Furthermore, because this background information appeals to the emotions of the jurors and at least tries to paint a picture of Sutton as a human being, it strikes me as a more persuasive prediction of jury deliberations than the majority's effort to analogize capital sentencing jury deliberations to impassive algebraic gymnastics. As an attempt to persuade the reader that Sutton suffered no prejudice, the majority's macabre mathematics do not recognize how emotional the decision between life and death is for a juror, and for that reason fails. The decision whether to sentence someone to death is highly emotional. This is a matter of common sense, and it is well supported by the literature. See, e.g., Scott E. Sundby, A Life and Death Decision: A Jury Weighs the Death Penalty 177 (2005) ("However one feels about the death penalty, the jurors' stories lead to one indisputable conclusion: At bottom, a jury's effort to decide between life and death is a distinctly human endeavor infused with emotion and moral judgment.
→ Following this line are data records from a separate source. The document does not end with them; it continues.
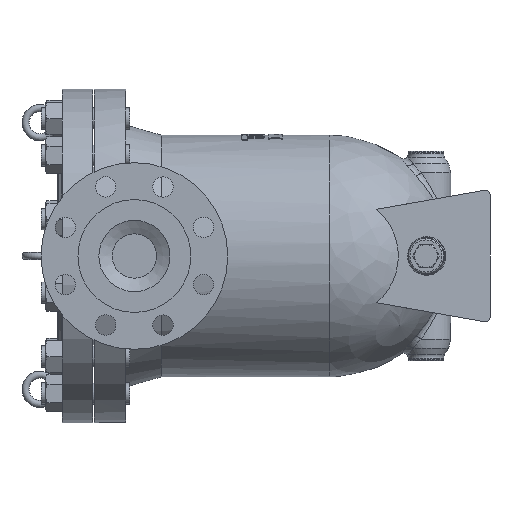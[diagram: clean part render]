
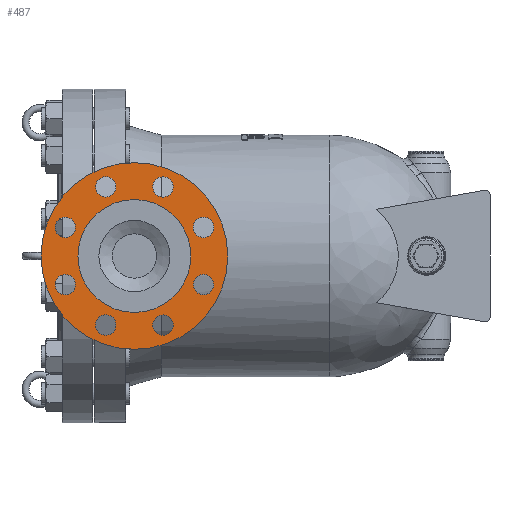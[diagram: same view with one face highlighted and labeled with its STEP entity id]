
A CAD part, left-side view. The second image highlights one B-rep face of the part: STEP entity #487.
In plain terms, the highlighted planar face has unit normal (-1, 0, 0).
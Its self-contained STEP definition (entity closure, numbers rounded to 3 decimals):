
#84=CARTESIAN_POINT('',(-287.,-20.929,-85.876));
#85=VERTEX_POINT('',#84);
#86=CARTESIAN_POINT('',(-287.,-12.797,-77.744));
#87=DIRECTION('',(1.0,0.0,0.0));
#88=DIRECTION('',(0.0,-0.707,-0.707));
#89=AXIS2_PLACEMENT_3D('',#86,#87,#88);
#90=CIRCLE('',#89,11.5);
#91=EDGE_CURVE('',#85,#85,#90,.T.);
#112=CARTESIAN_POINT('',(-287.,-88.703,-77.744));
#113=VERTEX_POINT('',#112);
#114=CARTESIAN_POINT('',(-287.,-77.203,-77.744));
#115=DIRECTION('',(1.0,0.0,0.0));
#116=DIRECTION('',(0.0,-1.0,0.0));
#117=AXIS2_PLACEMENT_3D('',#114,#115,#116);
#118=CIRCLE('',#117,11.5);
#119=EDGE_CURVE('',#113,#113,#118,.T.);
#140=CARTESIAN_POINT('',(-287.,-130.876,-24.071));
#141=VERTEX_POINT('',#140);
#142=CARTESIAN_POINT('',(-287.,-122.744,-32.203));
#143=DIRECTION('',(1.0,0.0,0.0));
#144=DIRECTION('',(0.0,-0.707,0.707));
#145=AXIS2_PLACEMENT_3D('',#142,#143,#144);
#146=CIRCLE('',#145,11.5);
#147=EDGE_CURVE('',#141,#141,#146,.T.);
#168=CARTESIAN_POINT('',(-287.,-122.744,43.703));
#169=VERTEX_POINT('',#168);
#170=CARTESIAN_POINT('',(-287.,-122.744,32.203));
#171=DIRECTION('',(1.0,0.0,0.0));
#172=DIRECTION('',(0.0,0.0,1.0));
#173=AXIS2_PLACEMENT_3D('',#170,#171,#172);
#174=CIRCLE('',#173,11.5);
#175=EDGE_CURVE('',#169,#169,#174,.T.);
#196=CARTESIAN_POINT('',(-287.,-69.071,85.876));
#197=VERTEX_POINT('',#196);
#198=CARTESIAN_POINT('',(-287.,-77.203,77.744));
#199=DIRECTION('',(1.0,0.0,0.0));
#200=DIRECTION('',(0.0,0.707,0.707));
#201=AXIS2_PLACEMENT_3D('',#198,#199,#200);
#202=CIRCLE('',#201,11.5);
#203=EDGE_CURVE('',#197,#197,#202,.T.);
#224=CARTESIAN_POINT('',(-287.,-1.297,77.744));
#225=VERTEX_POINT('',#224);
#226=CARTESIAN_POINT('',(-287.,-12.797,77.744));
#227=DIRECTION('',(1.0,0.0,0.0));
#228=DIRECTION('',(0.0,1.0,0.0));
#229=AXIS2_PLACEMENT_3D('',#226,#227,#228);
#230=CIRCLE('',#229,11.5);
#231=EDGE_CURVE('',#225,#225,#230,.T.);
#252=CARTESIAN_POINT('',(-287.,40.876,24.071));
#253=VERTEX_POINT('',#252);
#254=CARTESIAN_POINT('',(-287.,32.744,32.203));
#255=DIRECTION('',(1.0,0.0,0.0));
#256=DIRECTION('',(0.0,0.707,-0.707));
#257=AXIS2_PLACEMENT_3D('',#254,#255,#256);
#258=CIRCLE('',#257,11.5);
#259=EDGE_CURVE('',#253,#253,#258,.T.);
#280=CARTESIAN_POINT('',(-287.,32.744,-43.703));
#281=VERTEX_POINT('',#280);
#282=CARTESIAN_POINT('',(-287.,32.744,-32.203));
#283=DIRECTION('',(1.0,0.0,0.0));
#284=DIRECTION('',(0.0,0.0,-1.0));
#285=AXIS2_PLACEMENT_3D('',#282,#283,#284);
#286=CIRCLE('',#285,11.5);
#287=EDGE_CURVE('',#281,#281,#286,.T.);
#409=CARTESIAN_POINT('',(-287.,60.0,0.0));
#410=VERTEX_POINT('',#409);
#411=CARTESIAN_POINT('',(-287.,-45.0,0.0));
#412=DIRECTION('',(1.0,0.0,0.0));
#413=DIRECTION('',(0.0,1.0,0.0));
#414=AXIS2_PLACEMENT_3D('',#411,#412,#413);
#415=CIRCLE('',#414,105.0);
#416=EDGE_CURVE('',#410,#410,#415,.T.);
#444=CARTESIAN_POINT('',(-287.,39.25,0.0));
#445=DIRECTION('',(1.0,0.0,0.0));
#446=DIRECTION('',(0.0,0.0,-1.0));
#447=AXIS2_PLACEMENT_3D('',#444,#445,#446);
#448=PLANE('',#447);
#449=ORIENTED_EDGE('',*,*,#416,.F.);
#450=EDGE_LOOP('',(#449));
#451=FACE_OUTER_BOUND('',#450,.T.);
#452=ORIENTED_EDGE('',*,*,#91,.T.);
#453=EDGE_LOOP('',(#452));
#454=FACE_BOUND('',#453,.T.);
#455=ORIENTED_EDGE('',*,*,#119,.T.);
#456=EDGE_LOOP('',(#455));
#457=FACE_BOUND('',#456,.T.);
#458=ORIENTED_EDGE('',*,*,#147,.T.);
#459=EDGE_LOOP('',(#458));
#460=FACE_BOUND('',#459,.T.);
#461=ORIENTED_EDGE('',*,*,#175,.T.);
#462=EDGE_LOOP('',(#461));
#463=FACE_BOUND('',#462,.T.);
#464=ORIENTED_EDGE('',*,*,#203,.T.);
#465=EDGE_LOOP('',(#464));
#466=FACE_BOUND('',#465,.T.);
#467=ORIENTED_EDGE('',*,*,#231,.T.);
#468=EDGE_LOOP('',(#467));
#469=FACE_BOUND('',#468,.T.);
#470=ORIENTED_EDGE('',*,*,#259,.T.);
#471=EDGE_LOOP('',(#470));
#472=FACE_BOUND('',#471,.T.);
#473=ORIENTED_EDGE('',*,*,#287,.T.);
#474=EDGE_LOOP('',(#473));
#475=FACE_BOUND('',#474,.T.);
#476=CARTESIAN_POINT('',(-287.,18.5,0.0));
#477=VERTEX_POINT('',#476);
#478=CARTESIAN_POINT('',(-287.,-45.0,0.0));
#479=DIRECTION('',(1.0,0.0,0.0));
#480=DIRECTION('',(0.0,1.0,0.0));
#481=AXIS2_PLACEMENT_3D('',#478,#479,#480);
#482=CIRCLE('',#481,63.5);
#483=EDGE_CURVE('',#477,#477,#482,.T.);
#484=ORIENTED_EDGE('',*,*,#483,.T.);
#485=EDGE_LOOP('',(#484));
#486=FACE_BOUND('',#485,.T.);
#487=ADVANCED_FACE('',(#451,#454,#457,#460,#463,#466,#469,#472,#475,#486),#448,.F.);

Despite the efforts of legislatures and courts to make the death penalty decision a legal judgment that is reached by following a series of rules, in the end the determination of whether the defendant lives or dies results unavoidably from the intersection of twelve jurors' individual beliefs and views.");
As I said, though I believe it to be the case, I cannot say for certain that my attempt to reconstruct events is more accurate than the majority's. Nor can the majority honestly say that its reconstruction is more likely accurate than mine. However, one thing is certain—counsel's failure to obtain and present to the jury evidence regarding Sutton's awful early life robbed Sutton of his clearly established right to show himself as a human being in the jury's eyes and made easier what should be the most difficult decision a jury can make. This is precisely the potential to undermine confidence in the outcome that Strickland stands to protect defendants and the courts against. I would therefore reverse and remand for resentencing with competent defense counsel.